Angrier Jokes

Following is our collection of calmer humor and wifey one-liner funnies working better than reddit jokes. They include Angrier puns for adults, dirty furious jokes or clean livid gags for kids.

There is an abundance of quicker jokes out there. You're fortunate to read a set of the 9 funniest jokes on angrier. Full with funny wisecracks it is even funnier than any nags witze you can hear about angrier.

The Best jokes about Angrier

I told my gf the world was flat and she became angry with me

I told her she was my world and she got angrier

A little black kid covered himself with baby powder.

A little black kid covered himself with baby powder and ran up to his mom screaming, "Mama, mama! Look, I'm white!". His mom was very upset and gave him a spanking and told him, "Go and tell your auntie what you told me!"
So he ran up to his auntie and said "Auntie, auntie! Look, I'm white!" His auntie got even angrier and belted him, and said "Go and tell your grandmother what you just told me"
So he ran up to his grandmother and said "Grandma, grandma! Look, I'm white". She got even angrier and beat him harder than both his mom and aunt combined.
After she was done, she asked him, "So what have you learned from this?"
And the kid responded, "I've only been white for about ten minutes and I already hate black people".

A dad has 3 daughters and 1 son

They all live in a pretty casual house.

One day, one of his daughters came into his room and said: "Um, hey Dad, I'm lesbian."
Fuming, he sends her to her room angrily.
Then comes his 2nd daughter: "Um, hey Dad, I'm lesbian too"
The father is now angrier than humanly possible, right then, the 3rd daughter came in: "Um, hey Dad, I'm also lesbian..."
With all the might he can, he shouts: "DOES NOBODY IN THIS DAMNED HOUSE LIKE BOYS?!"
In comes his son: "Um, hey Dad..."

Did you hear about the robot that was angrier than half of the other robots?

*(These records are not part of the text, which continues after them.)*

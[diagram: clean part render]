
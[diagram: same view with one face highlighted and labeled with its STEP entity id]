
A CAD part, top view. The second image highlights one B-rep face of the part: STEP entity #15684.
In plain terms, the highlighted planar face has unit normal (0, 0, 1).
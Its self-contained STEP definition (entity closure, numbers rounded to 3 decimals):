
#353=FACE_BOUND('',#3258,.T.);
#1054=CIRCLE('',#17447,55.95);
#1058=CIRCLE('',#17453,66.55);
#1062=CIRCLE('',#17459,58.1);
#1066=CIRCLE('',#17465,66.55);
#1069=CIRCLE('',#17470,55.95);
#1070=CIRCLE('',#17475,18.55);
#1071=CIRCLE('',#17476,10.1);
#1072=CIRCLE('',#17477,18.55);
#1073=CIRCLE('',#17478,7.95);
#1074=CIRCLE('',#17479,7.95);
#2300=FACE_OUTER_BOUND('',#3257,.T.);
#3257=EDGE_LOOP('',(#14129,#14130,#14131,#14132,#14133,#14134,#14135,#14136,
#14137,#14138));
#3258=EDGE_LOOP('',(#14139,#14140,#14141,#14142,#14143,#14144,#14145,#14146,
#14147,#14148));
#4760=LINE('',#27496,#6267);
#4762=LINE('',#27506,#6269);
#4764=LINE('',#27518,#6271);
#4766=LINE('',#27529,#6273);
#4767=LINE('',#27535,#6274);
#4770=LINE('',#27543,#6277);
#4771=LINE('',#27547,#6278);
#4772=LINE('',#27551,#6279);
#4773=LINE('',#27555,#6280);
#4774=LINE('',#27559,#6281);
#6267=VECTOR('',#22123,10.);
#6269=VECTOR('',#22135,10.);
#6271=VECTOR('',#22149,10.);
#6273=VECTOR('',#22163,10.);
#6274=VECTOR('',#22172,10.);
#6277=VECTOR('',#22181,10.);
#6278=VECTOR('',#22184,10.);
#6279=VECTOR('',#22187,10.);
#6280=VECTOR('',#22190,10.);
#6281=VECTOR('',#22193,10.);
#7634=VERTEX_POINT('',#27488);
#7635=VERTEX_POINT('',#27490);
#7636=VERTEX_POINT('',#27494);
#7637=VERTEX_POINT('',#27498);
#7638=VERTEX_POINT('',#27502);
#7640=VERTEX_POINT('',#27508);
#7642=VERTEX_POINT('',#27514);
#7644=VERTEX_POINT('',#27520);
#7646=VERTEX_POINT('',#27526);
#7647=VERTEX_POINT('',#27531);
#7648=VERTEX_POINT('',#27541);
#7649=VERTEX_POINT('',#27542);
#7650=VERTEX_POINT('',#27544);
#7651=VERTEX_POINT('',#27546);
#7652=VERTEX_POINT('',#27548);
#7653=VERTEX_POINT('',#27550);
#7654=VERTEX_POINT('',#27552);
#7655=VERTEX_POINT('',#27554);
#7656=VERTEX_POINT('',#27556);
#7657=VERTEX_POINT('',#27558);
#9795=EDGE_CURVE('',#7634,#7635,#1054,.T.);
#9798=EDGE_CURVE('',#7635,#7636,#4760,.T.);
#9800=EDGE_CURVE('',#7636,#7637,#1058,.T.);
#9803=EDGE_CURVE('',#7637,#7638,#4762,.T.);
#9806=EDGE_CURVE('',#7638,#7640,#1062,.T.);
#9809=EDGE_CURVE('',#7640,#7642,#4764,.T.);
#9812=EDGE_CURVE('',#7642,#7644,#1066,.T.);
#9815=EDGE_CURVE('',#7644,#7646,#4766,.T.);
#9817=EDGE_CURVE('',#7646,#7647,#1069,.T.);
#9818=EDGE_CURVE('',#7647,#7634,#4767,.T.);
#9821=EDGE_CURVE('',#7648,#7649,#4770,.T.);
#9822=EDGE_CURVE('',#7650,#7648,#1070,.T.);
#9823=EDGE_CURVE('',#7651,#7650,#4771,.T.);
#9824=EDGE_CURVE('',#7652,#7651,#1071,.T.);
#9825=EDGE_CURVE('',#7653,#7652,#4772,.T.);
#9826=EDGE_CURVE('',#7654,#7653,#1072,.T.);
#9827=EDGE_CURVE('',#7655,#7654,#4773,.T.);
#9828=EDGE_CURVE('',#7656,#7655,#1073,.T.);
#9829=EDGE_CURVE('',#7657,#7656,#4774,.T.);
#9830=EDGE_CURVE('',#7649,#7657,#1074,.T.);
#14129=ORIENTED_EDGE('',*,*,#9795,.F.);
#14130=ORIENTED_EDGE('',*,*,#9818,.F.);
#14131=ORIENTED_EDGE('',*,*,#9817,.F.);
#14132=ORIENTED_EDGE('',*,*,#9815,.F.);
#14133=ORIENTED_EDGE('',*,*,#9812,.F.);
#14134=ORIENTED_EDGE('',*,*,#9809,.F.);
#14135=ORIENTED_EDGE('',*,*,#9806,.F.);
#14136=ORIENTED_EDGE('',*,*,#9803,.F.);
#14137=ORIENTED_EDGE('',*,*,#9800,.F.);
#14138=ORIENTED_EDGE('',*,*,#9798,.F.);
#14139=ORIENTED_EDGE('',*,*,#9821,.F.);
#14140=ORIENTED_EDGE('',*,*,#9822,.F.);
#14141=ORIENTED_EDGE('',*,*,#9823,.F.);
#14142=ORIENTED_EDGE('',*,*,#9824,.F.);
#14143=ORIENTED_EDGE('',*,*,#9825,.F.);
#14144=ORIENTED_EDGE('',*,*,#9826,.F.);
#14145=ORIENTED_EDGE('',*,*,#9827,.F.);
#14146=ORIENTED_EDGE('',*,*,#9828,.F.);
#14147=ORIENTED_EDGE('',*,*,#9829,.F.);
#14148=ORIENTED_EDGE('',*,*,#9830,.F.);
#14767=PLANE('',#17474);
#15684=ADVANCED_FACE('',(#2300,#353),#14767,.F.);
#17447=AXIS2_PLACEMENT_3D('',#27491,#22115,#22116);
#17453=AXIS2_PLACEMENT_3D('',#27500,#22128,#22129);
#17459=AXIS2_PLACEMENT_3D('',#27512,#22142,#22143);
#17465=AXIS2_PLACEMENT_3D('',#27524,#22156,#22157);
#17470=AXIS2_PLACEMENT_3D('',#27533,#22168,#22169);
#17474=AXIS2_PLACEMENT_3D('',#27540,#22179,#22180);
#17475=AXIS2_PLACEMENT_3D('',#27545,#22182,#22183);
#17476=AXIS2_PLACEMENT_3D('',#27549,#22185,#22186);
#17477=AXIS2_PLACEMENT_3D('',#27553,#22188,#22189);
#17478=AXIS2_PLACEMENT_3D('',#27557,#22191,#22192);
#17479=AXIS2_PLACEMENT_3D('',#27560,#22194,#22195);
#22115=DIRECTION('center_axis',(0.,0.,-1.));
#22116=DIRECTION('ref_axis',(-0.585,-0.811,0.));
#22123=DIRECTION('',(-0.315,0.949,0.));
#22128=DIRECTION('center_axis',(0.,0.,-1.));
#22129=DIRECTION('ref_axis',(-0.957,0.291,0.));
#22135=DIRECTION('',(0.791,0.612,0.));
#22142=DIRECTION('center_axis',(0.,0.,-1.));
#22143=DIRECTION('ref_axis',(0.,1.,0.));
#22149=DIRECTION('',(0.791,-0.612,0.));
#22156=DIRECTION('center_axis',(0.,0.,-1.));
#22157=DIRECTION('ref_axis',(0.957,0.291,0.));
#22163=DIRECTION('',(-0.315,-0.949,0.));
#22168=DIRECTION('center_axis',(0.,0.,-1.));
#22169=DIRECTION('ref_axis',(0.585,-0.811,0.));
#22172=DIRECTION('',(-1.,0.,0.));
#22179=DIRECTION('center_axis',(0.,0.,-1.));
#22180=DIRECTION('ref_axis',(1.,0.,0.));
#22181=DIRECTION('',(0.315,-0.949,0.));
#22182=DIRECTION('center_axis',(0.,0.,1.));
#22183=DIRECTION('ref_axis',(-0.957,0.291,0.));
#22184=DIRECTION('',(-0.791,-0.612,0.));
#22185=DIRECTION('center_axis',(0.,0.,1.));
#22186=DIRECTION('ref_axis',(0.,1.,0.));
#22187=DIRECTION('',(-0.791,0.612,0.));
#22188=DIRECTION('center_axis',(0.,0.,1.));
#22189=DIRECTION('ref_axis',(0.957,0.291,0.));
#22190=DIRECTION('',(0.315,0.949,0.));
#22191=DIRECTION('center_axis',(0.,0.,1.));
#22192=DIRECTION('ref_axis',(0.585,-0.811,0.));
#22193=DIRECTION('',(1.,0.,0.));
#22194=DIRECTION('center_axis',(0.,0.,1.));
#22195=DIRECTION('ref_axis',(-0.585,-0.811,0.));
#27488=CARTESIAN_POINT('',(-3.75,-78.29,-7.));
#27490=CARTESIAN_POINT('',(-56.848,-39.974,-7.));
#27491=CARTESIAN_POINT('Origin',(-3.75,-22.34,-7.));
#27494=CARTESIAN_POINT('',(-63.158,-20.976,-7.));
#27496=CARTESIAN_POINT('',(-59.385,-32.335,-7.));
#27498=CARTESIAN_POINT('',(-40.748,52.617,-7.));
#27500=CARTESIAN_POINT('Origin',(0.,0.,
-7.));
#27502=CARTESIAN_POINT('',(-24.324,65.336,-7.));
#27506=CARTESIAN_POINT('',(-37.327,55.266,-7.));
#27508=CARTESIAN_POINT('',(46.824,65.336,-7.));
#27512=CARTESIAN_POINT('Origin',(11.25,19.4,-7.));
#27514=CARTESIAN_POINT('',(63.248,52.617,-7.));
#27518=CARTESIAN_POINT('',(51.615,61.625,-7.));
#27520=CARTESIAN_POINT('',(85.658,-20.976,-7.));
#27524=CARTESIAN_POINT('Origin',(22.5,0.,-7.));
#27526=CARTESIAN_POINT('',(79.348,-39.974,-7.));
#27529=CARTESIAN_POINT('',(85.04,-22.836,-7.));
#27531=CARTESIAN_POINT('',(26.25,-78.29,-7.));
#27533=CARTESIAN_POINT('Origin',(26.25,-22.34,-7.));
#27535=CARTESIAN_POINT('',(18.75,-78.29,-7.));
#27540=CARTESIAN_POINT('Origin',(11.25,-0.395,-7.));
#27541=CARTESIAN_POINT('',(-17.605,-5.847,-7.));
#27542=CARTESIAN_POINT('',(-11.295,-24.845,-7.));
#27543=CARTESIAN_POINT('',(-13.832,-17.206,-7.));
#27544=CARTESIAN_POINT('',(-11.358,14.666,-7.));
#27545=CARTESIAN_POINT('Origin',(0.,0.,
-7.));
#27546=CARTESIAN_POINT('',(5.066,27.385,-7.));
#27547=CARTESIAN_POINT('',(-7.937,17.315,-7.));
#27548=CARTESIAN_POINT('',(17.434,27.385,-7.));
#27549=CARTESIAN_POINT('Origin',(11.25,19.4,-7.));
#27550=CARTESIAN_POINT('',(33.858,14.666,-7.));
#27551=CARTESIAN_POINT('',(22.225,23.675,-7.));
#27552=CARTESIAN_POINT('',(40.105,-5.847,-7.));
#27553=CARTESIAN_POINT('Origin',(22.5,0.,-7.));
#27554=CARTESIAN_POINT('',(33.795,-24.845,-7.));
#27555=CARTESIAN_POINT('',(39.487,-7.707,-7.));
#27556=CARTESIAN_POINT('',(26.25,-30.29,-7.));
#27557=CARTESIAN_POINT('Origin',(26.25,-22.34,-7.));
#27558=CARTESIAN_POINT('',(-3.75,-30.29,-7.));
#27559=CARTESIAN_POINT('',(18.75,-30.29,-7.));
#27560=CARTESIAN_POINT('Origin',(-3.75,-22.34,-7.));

It was in mean median mode.

My friend was angry when NASCAR banned the Confederate flag from the races

But he got angrier when I pointed out they still wave it on the final lap every race


I wake up happy, slowly get angrier, then eventually start lightening up and by bedtime I've come full circle and am happy one again

I've got pi-polar disorder

If I was Jesus I'm not sure what would make me angrier..

The fact that everyone is making my birthday about them

or that my dad isn't real

Why are nuns always angrier than priests?

Nuns can't have sex

No matter how angry you get about something...

... you can't any angrier than a midget with a yo-yo.

Use only working piadas for adults and blagues for friends. Note that dirty and dark jokes are funny, but use them with caution in real life. You can seriously offend people by saying creepy dark humor words to them.